▸ **Material shown**:
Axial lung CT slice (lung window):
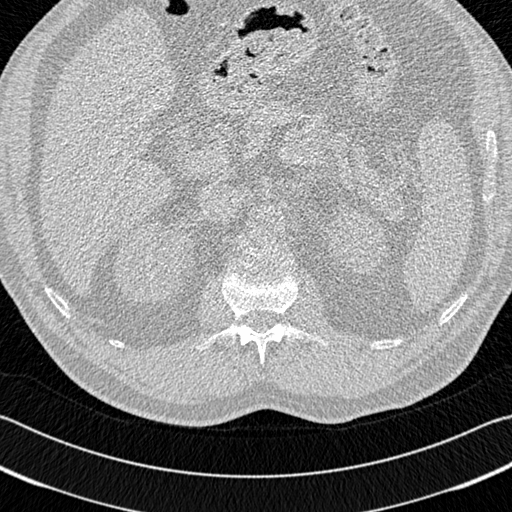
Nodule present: no
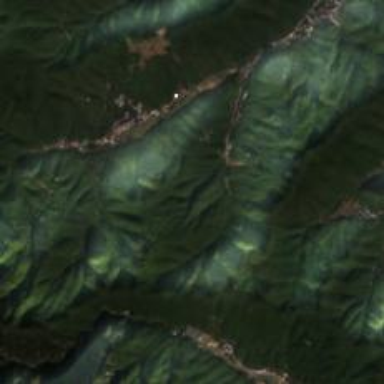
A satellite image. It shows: Picturesque valley in nature.
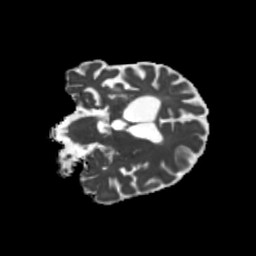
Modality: MD
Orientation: coronal
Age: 70
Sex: male
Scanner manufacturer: siemens
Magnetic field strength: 3 T
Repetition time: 5.25 s
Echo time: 0.08 s
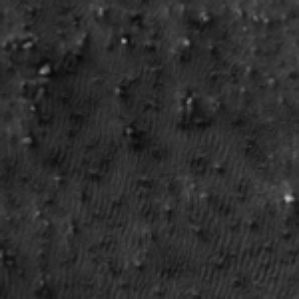
Label: frost
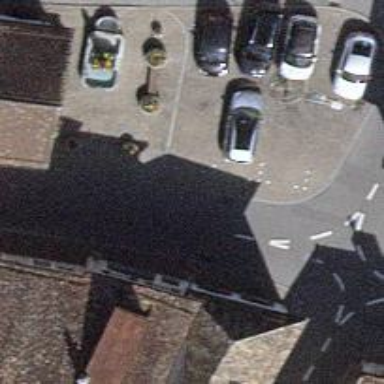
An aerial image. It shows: Parking area.
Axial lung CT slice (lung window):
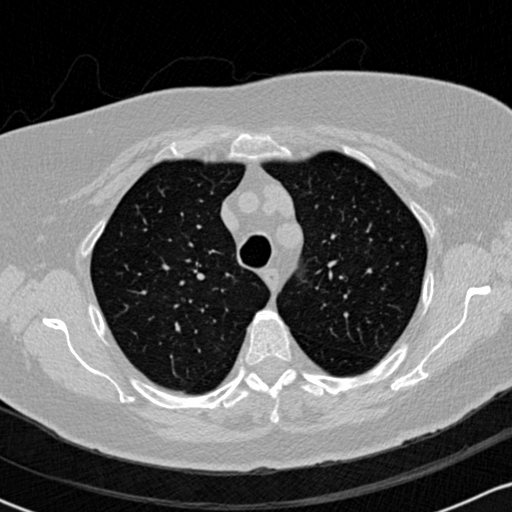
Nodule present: no
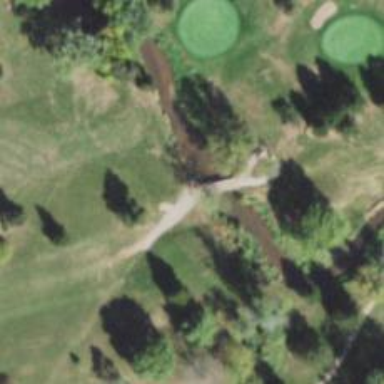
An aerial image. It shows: Service road designated as golf cart path.
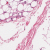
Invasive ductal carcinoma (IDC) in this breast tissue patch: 0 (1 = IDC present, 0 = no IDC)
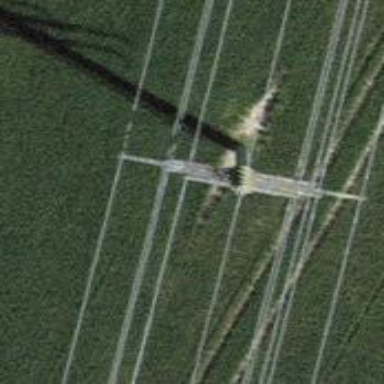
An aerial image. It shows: There are 10 cables for the power line in the image.
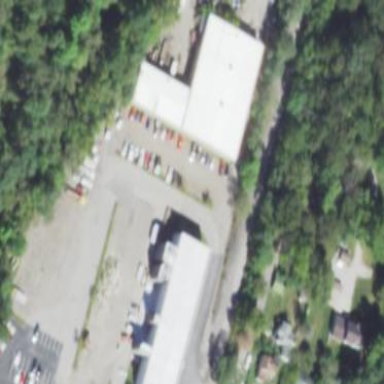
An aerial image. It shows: Commercial building.
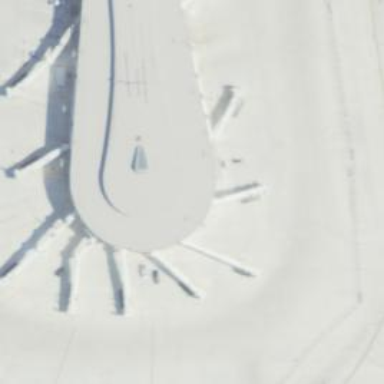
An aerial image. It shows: Airport gate.
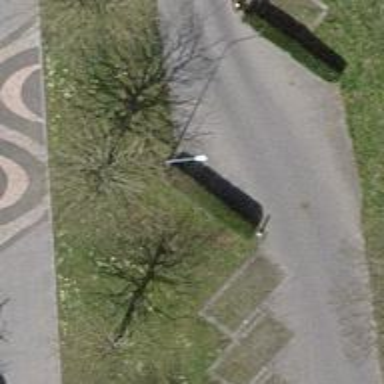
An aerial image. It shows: Hedge acting as barrier.
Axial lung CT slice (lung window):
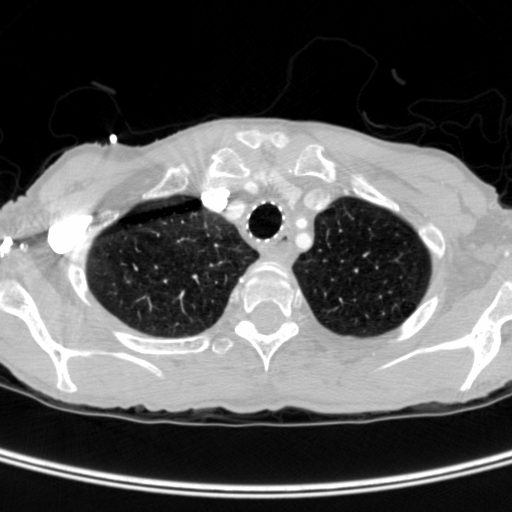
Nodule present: no
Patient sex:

▸ **Exercise aim**:
Pictures stay out; everything else in the entries is copied exactly.

▸ **Response area**:
Axial lung CT slice (lung window):
Nodule present: no
A satellite image. It shows: Picturesque valley in nature.
Modality: MD
Orientation: coronal
Age: 70
Sex: male
Scanner manufacturer: siemens
Magnetic field strength: 3 T
Repetition time: 5.25 s
Echo time: 0.08 s
Label: frost
An aerial image. It shows: Parking area.
Axial lung CT slice (lung window):
Nodule present: no
An aerial image. It shows: Service road designated as golf cart path.
Invasive ductal carcinoma (IDC) in this breast tissue patch: 0 (1 = IDC present, 0 = no IDC)
An aerial image. It shows: There are 10 cables for the power line in the image.
An aerial image. It shows: Commercial building.
An aerial image. It shows: Airport gate.
An aerial image. It shows: Hedge acting as barrier.
Axial lung CT slice (lung window):
Nodule present: no
Patient sex:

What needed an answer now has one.